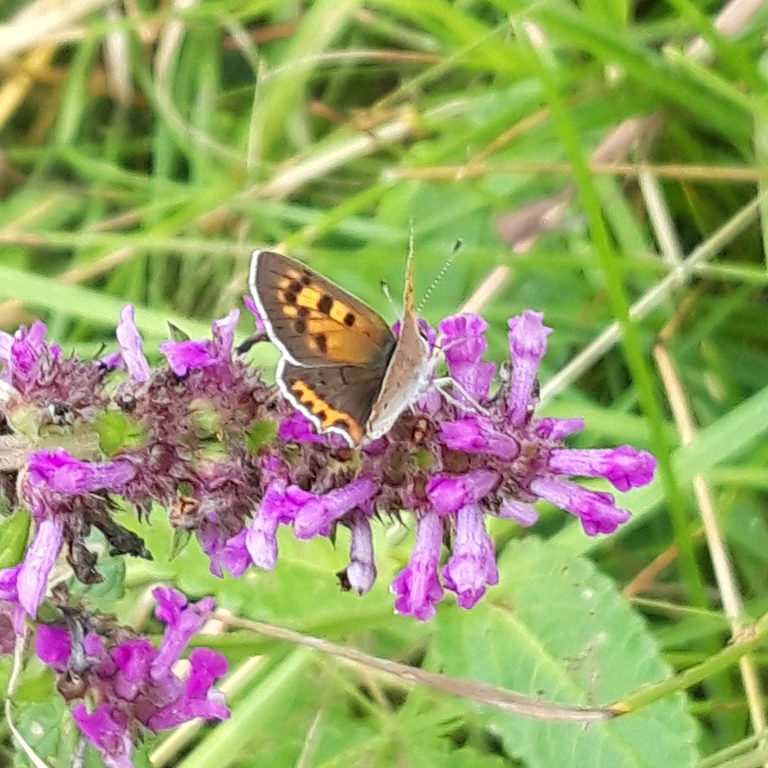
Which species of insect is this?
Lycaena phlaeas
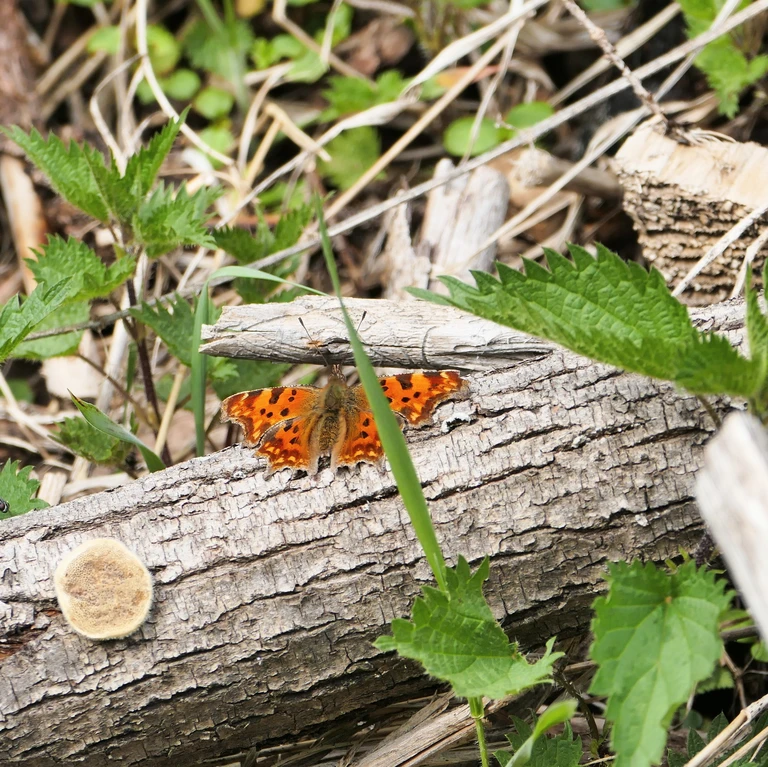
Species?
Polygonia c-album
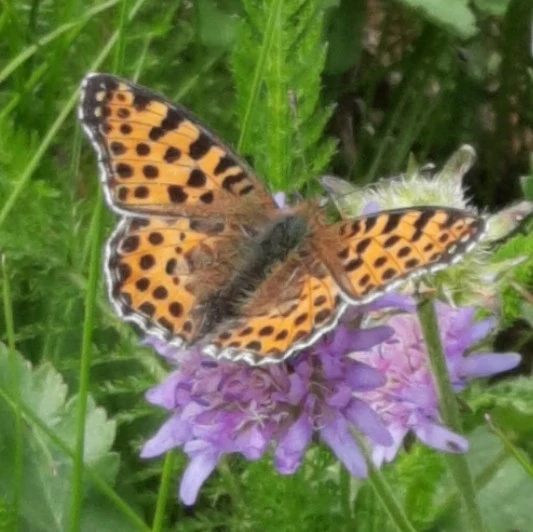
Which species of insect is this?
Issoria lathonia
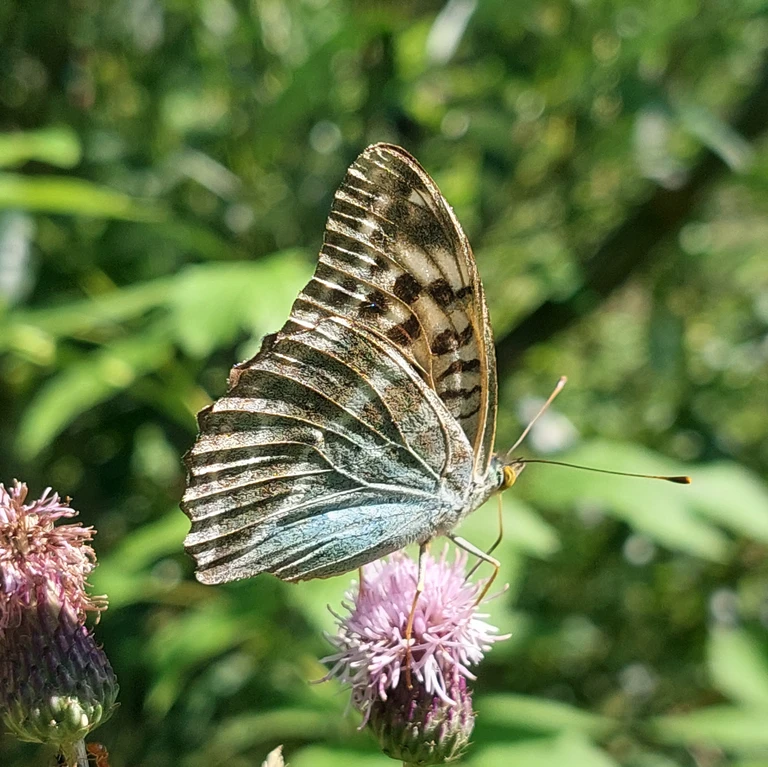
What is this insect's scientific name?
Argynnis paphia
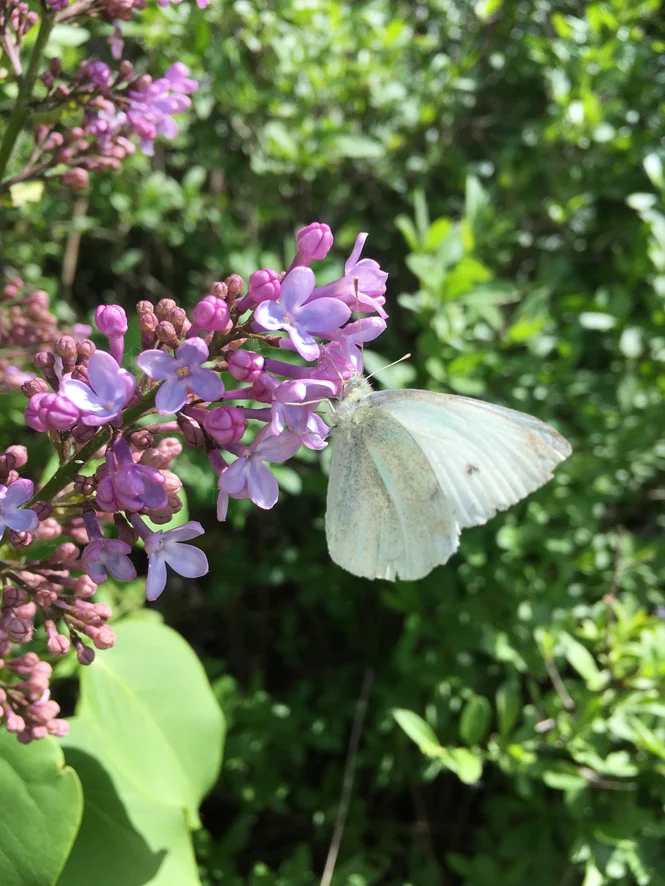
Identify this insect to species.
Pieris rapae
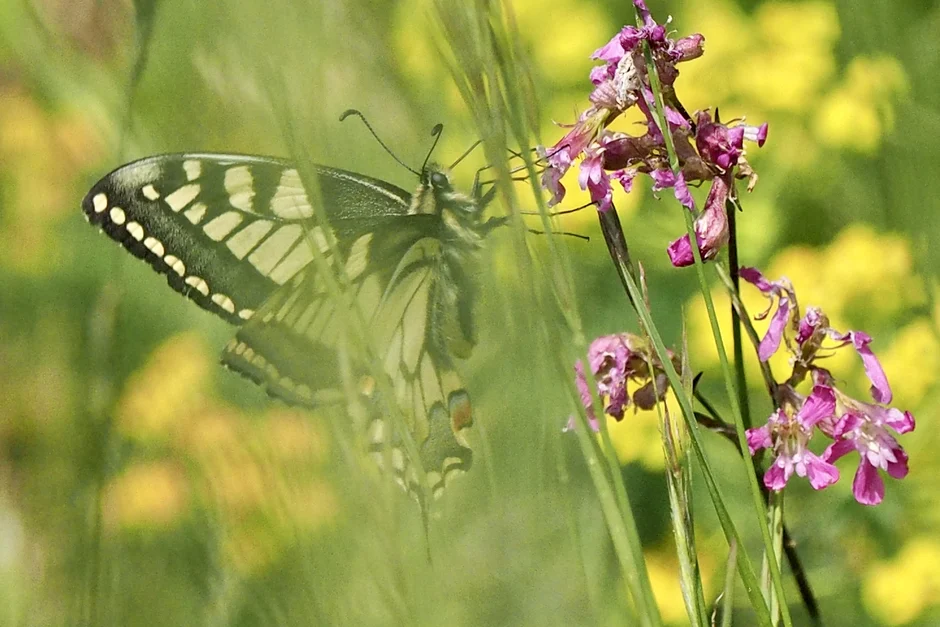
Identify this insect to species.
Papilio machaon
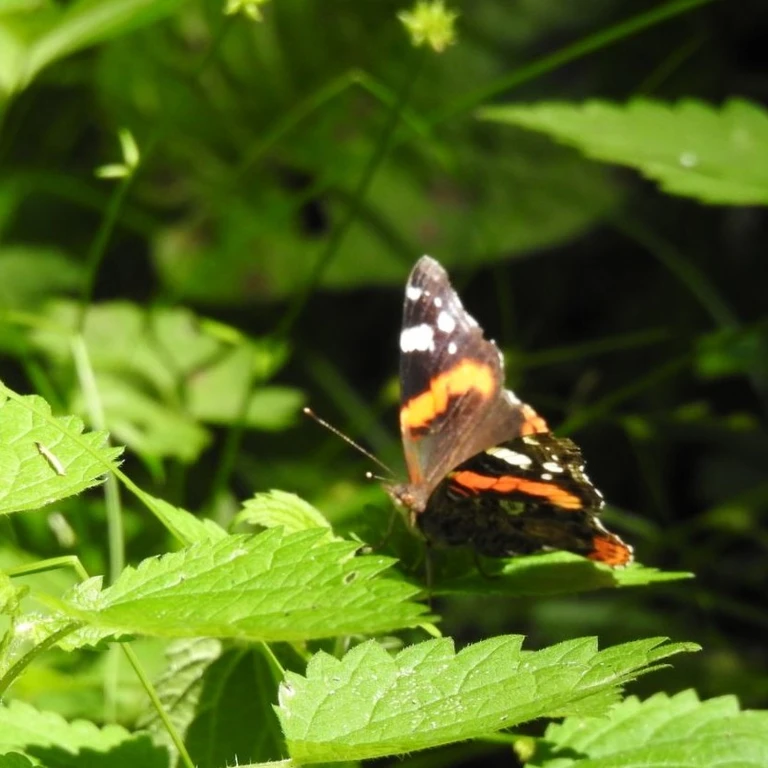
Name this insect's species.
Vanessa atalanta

* * *

__ACTIVITY__: Nothing but the text is wanted: repeat the data above exactly, without its images.

__WRITTEN SOLUTION__:
Which species of insect is this?
Lycaena phlaeas
Species?
Polygonia c-album
Which species of insect is this?
Issoria lathonia
What is this insect's scientific name?
Argynnis paphia
Identify this insect to species.
Pieris rapae
Identify this insect to species.
Papilio machaon
Name this insect's species.
Vanessa atalanta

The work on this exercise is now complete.